[Required work]:
Your answer must be the lines of the material below, exactly as written, from its first line through the line with "#2492 = CARTESIAN_POINT", and no pictures.

◆ ◆ ◆ ◆ ◆

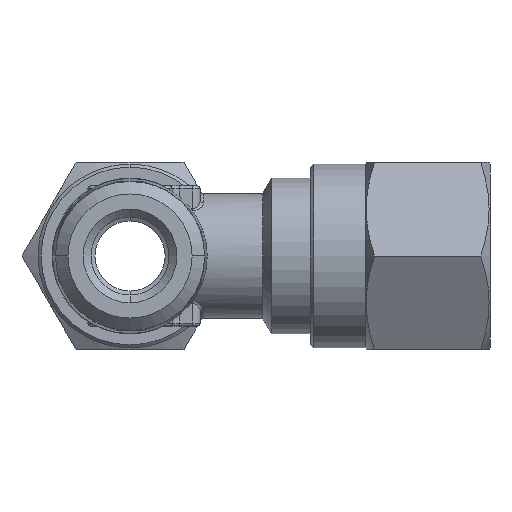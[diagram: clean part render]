
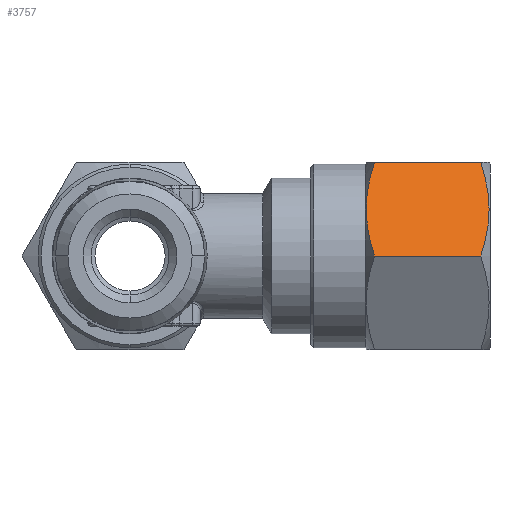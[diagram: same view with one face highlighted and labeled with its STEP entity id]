
A CAD part, front view. The second image highlights one B-rep face of the part: STEP entity #3757.
In plain terms, the highlighted planar face has unit normal (0, -0.866, 0.5).
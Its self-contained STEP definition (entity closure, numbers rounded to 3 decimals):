
#703 = CARTESIAN_POINT ( 'NONE',  ( 22.495, -3.464, 6. ) ) ;
#704 = CARTESIAN_POINT ( 'NONE',  ( 22.495, -6.928, 0. ) ) ;
#715 = CARTESIAN_POINT ( 'NONE',  ( 15.682, -6.928, 0. ) ) ;
#716 = CARTESIAN_POINT ( 'NONE',  ( 15.682, -3.464, 6. ) ) ;
#955 = VECTOR ( 'NONE', #2574, 1000. ) ;
#957 = VECTOR ( 'NONE', #2582, 1000. ) ;
#1078 = AXIS2_PLACEMENT_3D ( 'NONE', #3015, #3016, #3017 ) ;
#1462 = VERTEX_POINT ( 'NONE', #703 ) ;
#1463 = VERTEX_POINT ( 'NONE', #704 ) ;
#1476 = VERTEX_POINT ( 'NONE', #715 ) ;
#1477 = VERTEX_POINT ( 'NONE', #716 ) ;
#2485 = CARTESIAN_POINT ( 'NONE',  ( 15.682, -6.928, 0. ) ) ;
#2486 = CARTESIAN_POINT ( 'NONE',  ( 15.356, -6.363, 0.98 ) ) ;
#2487 = CARTESIAN_POINT ( 'NONE',  ( 15.147, -5.788, 1.974 ) ) ;
#2488 = CARTESIAN_POINT ( 'NONE',  ( 15.146, -5.052, 3.249 ) ) ;
#2489 = CARTESIAN_POINT ( 'NONE',  ( 15.159, -4.904, 3.506 ) ) ;
#2490 = CARTESIAN_POINT ( 'NONE',  ( 15.208, -4.612, 4.012 ) ) ;
#2491 = CARTESIAN_POINT ( 'NONE',  ( 15.244, -4.466, 4.264 ) ) ;
#2492 = CARTESIAN_POINT ( 'NONE',  ( 15.384, -4.033, 5.015 ) ) ;
#2493 = CARTESIAN_POINT ( 'NONE',  ( 15.519, -3.747, 5.51 ) ) ;
#2494 = CARTESIAN_POINT ( 'NONE',  ( 15.682, -3.464, 6. ) ) ;
#2573 = CARTESIAN_POINT ( 'NONE',  ( 23.089, -3.464, 6. ) ) ;
#2574 = DIRECTION ( 'NONE',  ( -1., 0., 0. ) ) ;
#2581 = CARTESIAN_POINT ( 'NONE',  ( 23.089, -6.928, 0. ) ) ;
#2582 = DIRECTION ( 'NONE',  ( -1., 0., 0. ) ) ;
#2873 = LINE ( 'NONE', #2581, #957 ) ;
#3014 = PLANE ( 'NONE',  #1078 ) ;
#3015 = CARTESIAN_POINT ( 'NONE',  ( 23.089, -3.464, 6. ) ) ;
#3016 = DIRECTION ( 'NONE',  ( 0., 0.866, -0.5 ) ) ;
#3017 = DIRECTION ( 'NONE',  ( 0., 0.5, 0.866 ) ) ;
#3119 = CARTESIAN_POINT ( 'NONE',  ( 22.495, -3.464, 6. ) ) ;
#3120 = CARTESIAN_POINT ( 'NONE',  ( 22.822, -4.03, 5.02 ) ) ;
#3121 = CARTESIAN_POINT ( 'NONE',  ( 23.03, -4.604, 4.026 ) ) ;
#3122 = CARTESIAN_POINT ( 'NONE',  ( 23.031, -5.34, 2.751 ) ) ;
#3123 = CARTESIAN_POINT ( 'NONE',  ( 23.019, -5.488, 2.494 ) ) ;
#3124 = CARTESIAN_POINT ( 'NONE',  ( 22.97, -5.781, 1.988 ) ) ;
#3125 = CARTESIAN_POINT ( 'NONE',  ( 22.933, -5.926, 1.736 ) ) ;
#3126 = CARTESIAN_POINT ( 'NONE',  ( 22.793, -6.36, 0.985 ) ) ;
#3127 = CARTESIAN_POINT ( 'NONE',  ( 22.658, -6.645, 0.49 ) ) ;
#3128 = CARTESIAN_POINT ( 'NONE',  ( 22.495, -6.928, 0. ) ) ;
#3757 = ADVANCED_FACE ( 'NONE', ( #4268 ), #3014, .F. ) ;
#4268 = FACE_OUTER_BOUND ( 'NONE', #4772, .T. ) ;
#4421 = LINE ( 'NONE', #2573, #955 ) ;
#4701 = EDGE_CURVE ( 'NONE', #1462, #1463, #5799, .T. ) ;
#4772 = EDGE_LOOP ( 'NONE', ( #5354, #5355, #5356, #5357 ) ) ;
#5259 = EDGE_CURVE ( 'NONE', #1476, #1477, #5770, .T. ) ;
#5275 = EDGE_CURVE ( 'NONE', #1462, #1477, #4421, .T. ) ;
#5277 = EDGE_CURVE ( 'NONE', #1463, #1476, #2873, .T. ) ;
#5354 = ORIENTED_EDGE ( 'NONE', *, *, #5275, .T. ) ;
#5355 = ORIENTED_EDGE ( 'NONE', *, *, #5259, .F. ) ;
#5356 = ORIENTED_EDGE ( 'NONE', *, *, #5277, .F. ) ;
#5357 = ORIENTED_EDGE ( 'NONE', *, *, #4701, .F. ) ;
#5770 = B_SPLINE_CURVE_WITH_KNOTS ( 'NONE', 3,
 ( #2485, #2486, #2487, #2488, #2489, #2490, #2491, #2492, #2493, #2494 ),
 .UNSPECIFIED., .F., .F.,
 ( 4, 2, 2, 2, 4 ),
 ( 0., 0.003, 0.004, 0.005, 0.007 ),
 .UNSPECIFIED. ) ;
#5799 = B_SPLINE_CURVE_WITH_KNOTS ( 'NONE', 3,
 ( #3119, #3120, #3121, #3122, #3123, #3124, #3125, #3126, #3127, #3128 ),
 .UNSPECIFIED., .F., .F.,
 ( 4, 2, 2, 2, 4 ),
 ( 0., 0.003, 0.004, 0.005, 0.007 ),
 .UNSPECIFIED. ) ;

◆ ◆ ◆ ◆ ◆

[Response below]:
[diagram: clean part render]
[diagram: same view with one face highlighted and labeled with its STEP entity id]
A CAD part, front view. The second image highlights one B-rep face of the part: STEP entity #3757.
In plain terms, the highlighted planar face has unit normal (0, -0.866, 0.5).
Its self-contained STEP definition (entity closure, numbers rounded to 3 decimals):
#703 = CARTESIAN_POINT ( 'NONE',  ( 22.495, -3.464, 6. ) ) ;
#704 = CARTESIAN_POINT ( 'NONE',  ( 22.495, -6.928, 0. ) ) ;
#715 = CARTESIAN_POINT ( 'NONE',  ( 15.682, -6.928, 0. ) ) ;
#716 = CARTESIAN_POINT ( 'NONE',  ( 15.682, -3.464, 6. ) ) ;
#955 = VECTOR ( 'NONE', #2574, 1000. ) ;
#957 = VECTOR ( 'NONE', #2582, 1000. ) ;
#1078 = AXIS2_PLACEMENT_3D ( 'NONE', #3015, #3016, #3017 ) ;
#1462 = VERTEX_POINT ( 'NONE', #703 ) ;
#1463 = VERTEX_POINT ( 'NONE', #704 ) ;
#1476 = VERTEX_POINT ( 'NONE', #715 ) ;
#1477 = VERTEX_POINT ( 'NONE', #716 ) ;
#2485 = CARTESIAN_POINT ( 'NONE',  ( 15.682, -6.928, 0. ) ) ;
#2486 = CARTESIAN_POINT ( 'NONE',  ( 15.356, -6.363, 0.98 ) ) ;
#2487 = CARTESIAN_POINT ( 'NONE',  ( 15.147, -5.788, 1.974 ) ) ;
#2488 = CARTESIAN_POINT ( 'NONE',  ( 15.146, -5.052, 3.249 ) ) ;
#2489 = CARTESIAN_POINT ( 'NONE',  ( 15.159, -4.904, 3.506 ) ) ;
#2490 = CARTESIAN_POINT ( 'NONE',  ( 15.208, -4.612, 4.012 ) ) ;
#2491 = CARTESIAN_POINT ( 'NONE',  ( 15.244, -4.466, 4.264 ) ) ;
#2492 = CARTESIAN_POINT ( 'NONE',  ( 15.384, -4.033, 5.015 ) ) ;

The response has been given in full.